The presidential elections are looming closer, but in the debates the information given above isn’t even considered, creating even more silence and impunity. All this points to a future for Colombia where “democratic security” is constantly mentioned, but is very far from being achieved. Several presidential candidates have direct links to this case, such as Gustavo Petro, who is a pardoned M19 guerrilla, guilty of the Palace of Justice siege. Noemi Sanin is the former communication minister who censored the transmission of the events of the siege, leaving a hole in Colombian history. She took part in creating this uncertainty for us, this blank in the story of my mother and of my country. Other candidates are linked to political groups or presidents that have ruled without justice and that have collaborated in keeping the truth silent, obstructing trials and hearings, and letting guilty people go free because of the expiration of the legal time-limits. Almost all of them have been accused by international organisations of abusing their power. Which of them will bring us justice?

In the old Palace of Justice building, there was an inscription: “This house hates evil, punishes crimes, guards rights and honors virtue”. Today, the new building is inscribed with words: “Weapons have given you independence. Laws will give you freedom.” But sadly justice remains lacking in this country.

As I’m about to finish this column about my lack of hope for Colombian justice, I remember another important thing.
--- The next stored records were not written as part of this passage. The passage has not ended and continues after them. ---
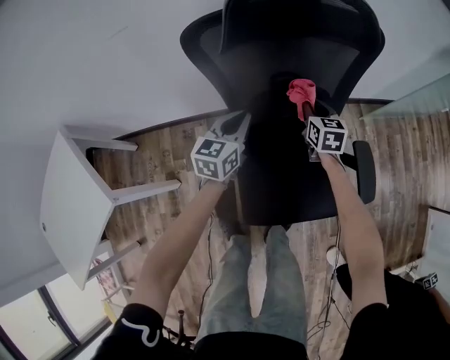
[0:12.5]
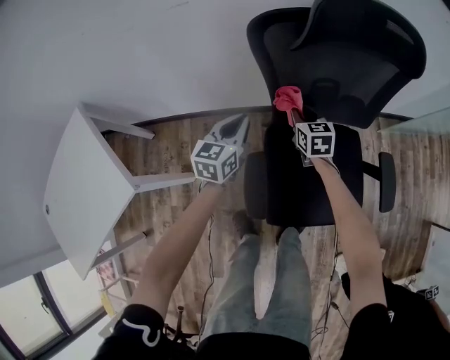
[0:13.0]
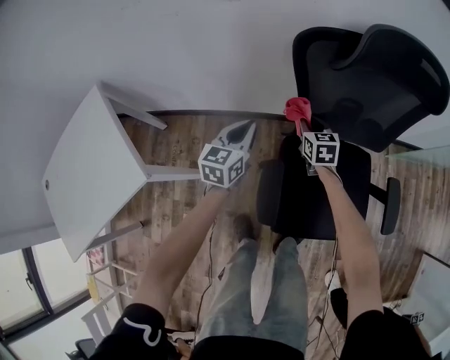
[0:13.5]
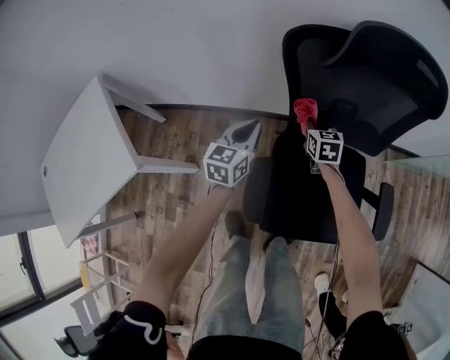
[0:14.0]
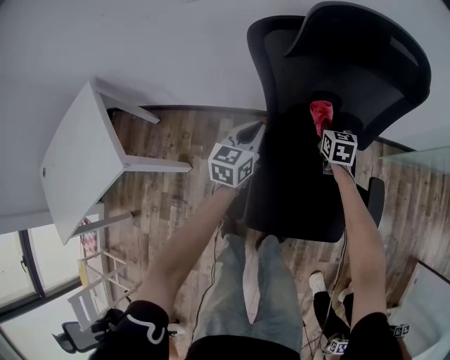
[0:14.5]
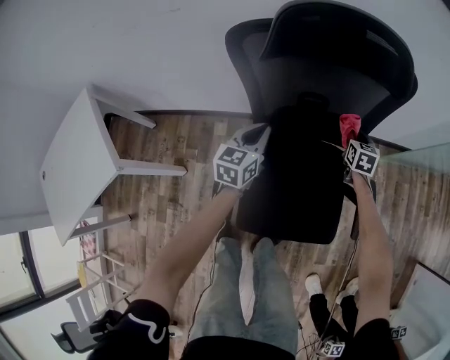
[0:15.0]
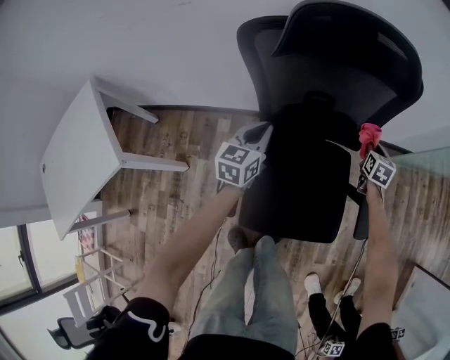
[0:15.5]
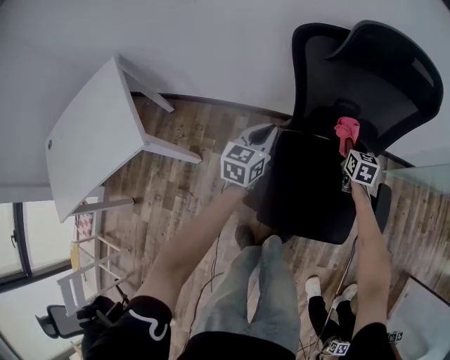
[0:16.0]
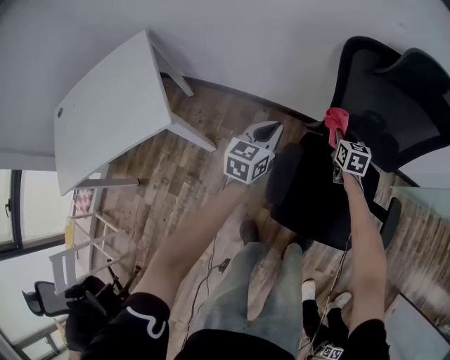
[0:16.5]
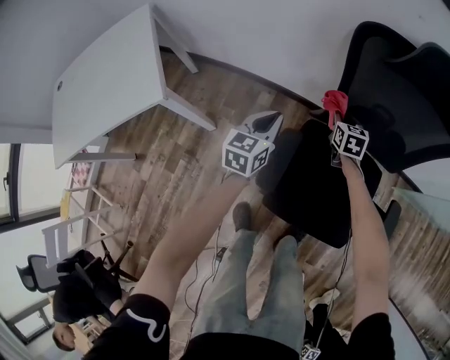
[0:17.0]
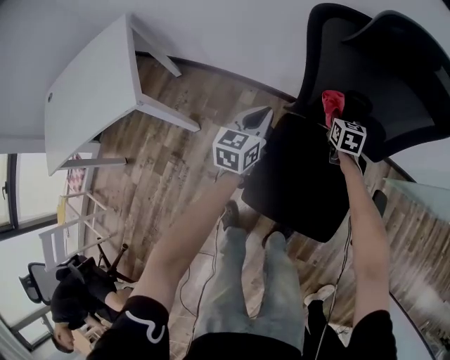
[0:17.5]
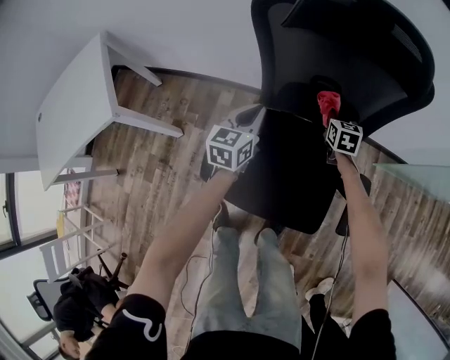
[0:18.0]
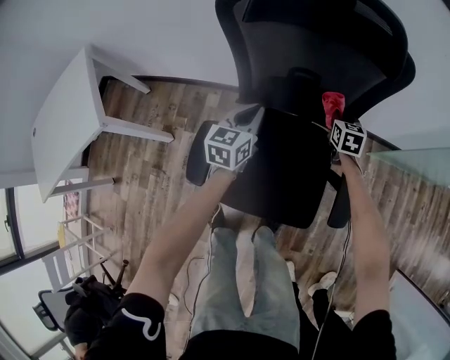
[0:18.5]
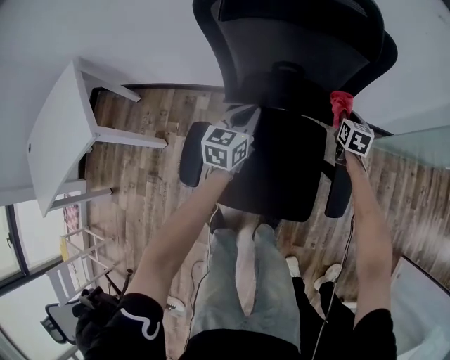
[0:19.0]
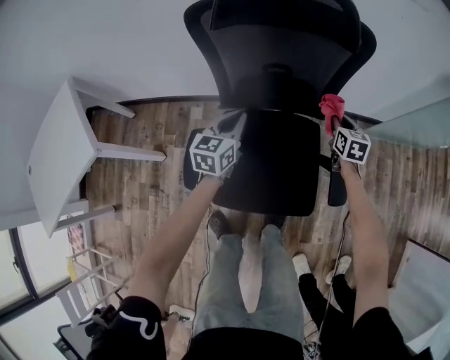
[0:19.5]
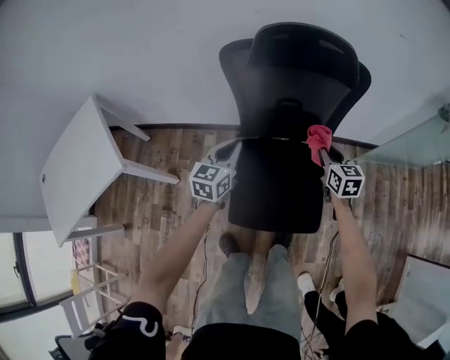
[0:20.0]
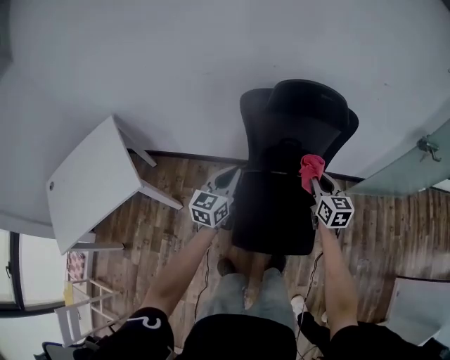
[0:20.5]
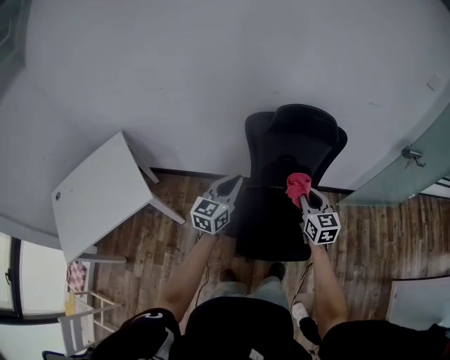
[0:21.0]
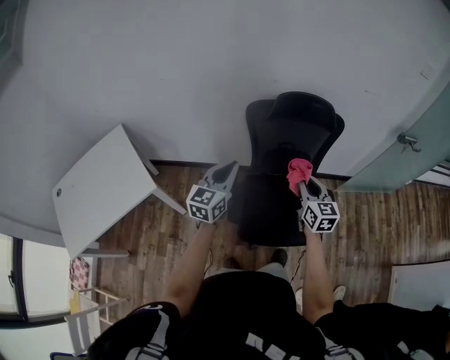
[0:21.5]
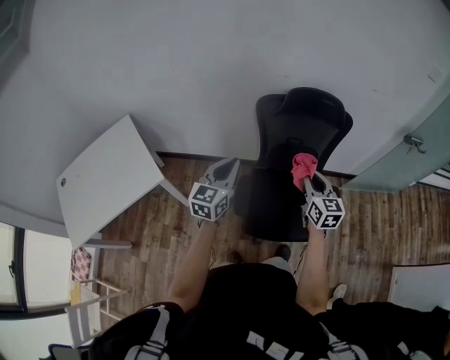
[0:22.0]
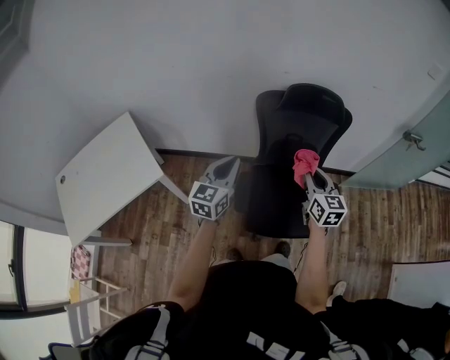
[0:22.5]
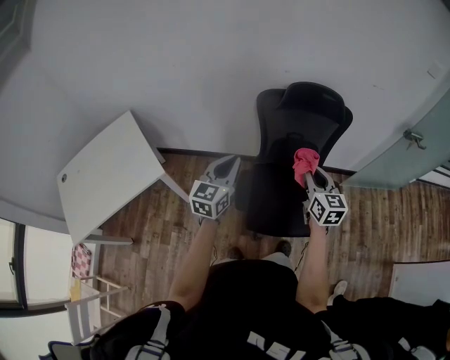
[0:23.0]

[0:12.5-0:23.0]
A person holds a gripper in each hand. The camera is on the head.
0:12.5 to 0:14.5: The right gripper goes to the left and returns, some 25 cm each way; the left gripper moves some 20 cm to the left and comes back.
0:14.5 to 0:16.5: Both grippers travel together to the left and backward, approximately 15 cm.
0:16.5 to 0:19.0: The grippers both shift to the right by roughly 30 cm.
0:19.0 to 0:21.0: Both grippers move upward, backward and to the left, approximately 40 cm. The right gripper turns by some 30 degrees.
0:21.0 to 0:23.0: The right gripper travels backward by roughly 5 cm. The left gripper heads backward and to the left, covering approximately 10 cm.

These events teach you to appreciate people. Life goes by, and time leaves us behind just like our loved ones. When they are taken without explanation, preventing you from learning from them, it is horrible. So before finishing this column, I went to my father to ask him what he thinks about this issue, about his hopes for my mother’s case.

Together my father and I agreed that we live in an unequal and dangerous country, in which no-one knows how many people die each day. Every day in Colombia people disappear without explanation, and murders and torture take place. Poverty, lack of communication, unemployment, and lack of tolerance all lead to violence. The army, the state and its institutions maintain this the imbalance for their own interests, and not for those of the people. Brute strength is what prevails in the country – that Colombian term “berraquera,” being tougher and meaner than other people to defend one’s own interests, is what keeps the violence rates sky high. And yet we measure progress in economic terms, ignoring the human development index, which is the real way we should measure progress and development, with equality for all, institutional transparency, and a state that guarantees its citizens’ quality of life.

For all these reasons there must be a sentence; my mother’s killers must be convicted of their crimes, not just for her sake but for the sake of Colombia, and of justice.